Before proceeding two cautionary notes are in order. If the physical attributes of the
building affect profit only as a productivity enhancing capital input, then we can make a case for
treating building quality as exogenous. On the other hand, if building quality is a workplace
amenity, then high performing companies may seek attractive office space in order to appease
their workers (which could translate into lower wage costs). In this case building quality could be
endogenous. Partly for that reason, we do not include building quality measures in the Table 5
regressions. This gives our models a reduced form interpretation.

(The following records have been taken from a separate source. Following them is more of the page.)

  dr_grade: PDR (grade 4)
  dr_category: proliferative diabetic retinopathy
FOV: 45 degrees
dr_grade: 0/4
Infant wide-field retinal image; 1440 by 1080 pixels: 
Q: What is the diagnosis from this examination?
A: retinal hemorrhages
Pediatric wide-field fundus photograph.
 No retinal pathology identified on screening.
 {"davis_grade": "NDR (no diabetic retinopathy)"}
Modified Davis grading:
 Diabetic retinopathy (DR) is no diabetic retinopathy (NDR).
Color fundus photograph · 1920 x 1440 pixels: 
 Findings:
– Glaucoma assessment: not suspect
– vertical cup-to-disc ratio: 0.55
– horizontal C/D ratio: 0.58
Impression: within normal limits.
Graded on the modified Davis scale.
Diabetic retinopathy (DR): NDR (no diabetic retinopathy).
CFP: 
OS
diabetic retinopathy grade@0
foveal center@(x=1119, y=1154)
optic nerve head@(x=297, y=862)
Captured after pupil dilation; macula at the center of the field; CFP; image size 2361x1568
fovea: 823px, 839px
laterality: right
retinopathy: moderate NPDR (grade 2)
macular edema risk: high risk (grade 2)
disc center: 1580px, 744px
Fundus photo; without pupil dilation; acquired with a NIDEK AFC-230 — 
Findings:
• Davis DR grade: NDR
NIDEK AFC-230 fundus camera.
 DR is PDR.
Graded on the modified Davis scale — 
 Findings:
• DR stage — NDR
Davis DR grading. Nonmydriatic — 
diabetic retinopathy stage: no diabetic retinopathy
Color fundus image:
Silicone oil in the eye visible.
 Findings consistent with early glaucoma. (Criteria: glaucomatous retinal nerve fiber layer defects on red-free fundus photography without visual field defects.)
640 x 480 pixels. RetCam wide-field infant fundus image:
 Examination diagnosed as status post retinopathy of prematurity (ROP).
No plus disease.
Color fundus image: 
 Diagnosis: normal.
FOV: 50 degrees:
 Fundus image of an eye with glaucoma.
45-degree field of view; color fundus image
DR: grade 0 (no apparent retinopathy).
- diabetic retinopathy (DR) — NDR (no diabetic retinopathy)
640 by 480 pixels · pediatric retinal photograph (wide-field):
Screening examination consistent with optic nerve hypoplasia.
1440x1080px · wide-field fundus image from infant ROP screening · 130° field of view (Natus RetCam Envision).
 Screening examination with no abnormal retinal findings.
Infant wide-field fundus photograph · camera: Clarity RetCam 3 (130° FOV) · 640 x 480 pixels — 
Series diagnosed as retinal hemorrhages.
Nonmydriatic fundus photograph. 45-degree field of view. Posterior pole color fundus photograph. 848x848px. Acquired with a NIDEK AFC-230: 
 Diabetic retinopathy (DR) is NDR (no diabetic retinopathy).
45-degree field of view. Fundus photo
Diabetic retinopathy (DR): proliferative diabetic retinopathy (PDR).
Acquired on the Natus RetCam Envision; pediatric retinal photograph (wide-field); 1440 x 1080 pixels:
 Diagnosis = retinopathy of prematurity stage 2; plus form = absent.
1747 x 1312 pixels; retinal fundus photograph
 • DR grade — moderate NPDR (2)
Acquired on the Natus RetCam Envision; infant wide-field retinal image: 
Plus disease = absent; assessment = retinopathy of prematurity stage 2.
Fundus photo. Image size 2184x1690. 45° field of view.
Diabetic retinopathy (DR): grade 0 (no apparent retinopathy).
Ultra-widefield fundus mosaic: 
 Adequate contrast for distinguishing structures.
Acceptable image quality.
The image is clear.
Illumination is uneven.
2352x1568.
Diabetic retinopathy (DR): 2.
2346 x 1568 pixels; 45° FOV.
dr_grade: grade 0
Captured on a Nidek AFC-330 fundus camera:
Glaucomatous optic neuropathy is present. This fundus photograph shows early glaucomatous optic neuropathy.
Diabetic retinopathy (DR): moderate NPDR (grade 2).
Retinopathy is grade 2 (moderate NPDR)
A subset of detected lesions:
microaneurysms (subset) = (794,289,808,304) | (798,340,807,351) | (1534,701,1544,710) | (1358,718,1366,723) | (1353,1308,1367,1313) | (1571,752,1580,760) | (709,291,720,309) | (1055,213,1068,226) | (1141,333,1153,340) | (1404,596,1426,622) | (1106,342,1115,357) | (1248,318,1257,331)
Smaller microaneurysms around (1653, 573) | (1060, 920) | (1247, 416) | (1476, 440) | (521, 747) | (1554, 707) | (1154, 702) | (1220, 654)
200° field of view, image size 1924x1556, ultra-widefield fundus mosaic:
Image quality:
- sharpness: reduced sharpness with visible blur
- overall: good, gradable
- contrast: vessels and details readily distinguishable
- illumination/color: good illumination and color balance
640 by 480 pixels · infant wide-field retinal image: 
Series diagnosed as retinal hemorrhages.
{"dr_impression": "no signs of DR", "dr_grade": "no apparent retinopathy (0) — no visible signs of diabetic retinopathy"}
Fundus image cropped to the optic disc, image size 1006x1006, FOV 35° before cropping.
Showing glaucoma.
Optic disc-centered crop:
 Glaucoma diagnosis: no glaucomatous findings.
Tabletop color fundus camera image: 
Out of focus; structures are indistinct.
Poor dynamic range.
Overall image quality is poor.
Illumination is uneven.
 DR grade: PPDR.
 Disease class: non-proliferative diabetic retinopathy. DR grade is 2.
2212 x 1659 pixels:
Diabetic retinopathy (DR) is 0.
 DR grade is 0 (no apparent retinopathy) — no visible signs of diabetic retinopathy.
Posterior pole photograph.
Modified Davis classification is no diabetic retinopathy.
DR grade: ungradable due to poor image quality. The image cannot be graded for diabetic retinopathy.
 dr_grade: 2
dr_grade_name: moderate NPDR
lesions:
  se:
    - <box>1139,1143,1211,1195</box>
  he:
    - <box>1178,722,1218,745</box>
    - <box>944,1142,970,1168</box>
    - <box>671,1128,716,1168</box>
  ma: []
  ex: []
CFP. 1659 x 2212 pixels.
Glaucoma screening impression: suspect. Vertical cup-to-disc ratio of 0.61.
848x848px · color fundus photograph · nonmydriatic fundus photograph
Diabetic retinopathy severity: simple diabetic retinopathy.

It is also important to recognize that estimates in Table 5 may be driven in part by
endogenous sorting of productive non-anchor tenants into buildings in which anchors are present
(and that the same may be true in reverse). This would upward bias estimates of the causal effect
of spillovers arising from proximity to an anchor. Nevertheless, as with the location models in the
earlier tables, if endogenous sorting is driven by anticipated benefits from proximity to an anchor,
then evidence of a positive, significant association between sales per worker and proximity to an
anchor supports the view that productivity spillovers are present.
28
Bearing the above caveats in mind, observe that the patterns in Table 5 closely mirror
those for the employment share models in Table 4b. Most important, the coefficients on own-
industry anchors in the target building are positive and highly significant. For Retail the
coefficient is $26,990 with a t-ratio of 5.0; for Law the coefficient is $105,345 with a t-ratio of
10.35. The corresponding coefficients for anchors in adjacent building are much smaller and not
significant. These patterns are suggestive that sorting into specialized buildings increases labor
productivity for Retail and Law establishments. The pattern is especially strong for Law.13
V. Conclusions
This paper considers agglomeration in a novel way. Instead of working with city or
metropolitan level or distance-based spatial units, this paper uses individual buildings as the
spatial unit, focusing on the understudied commercial sector that dominates downtowns.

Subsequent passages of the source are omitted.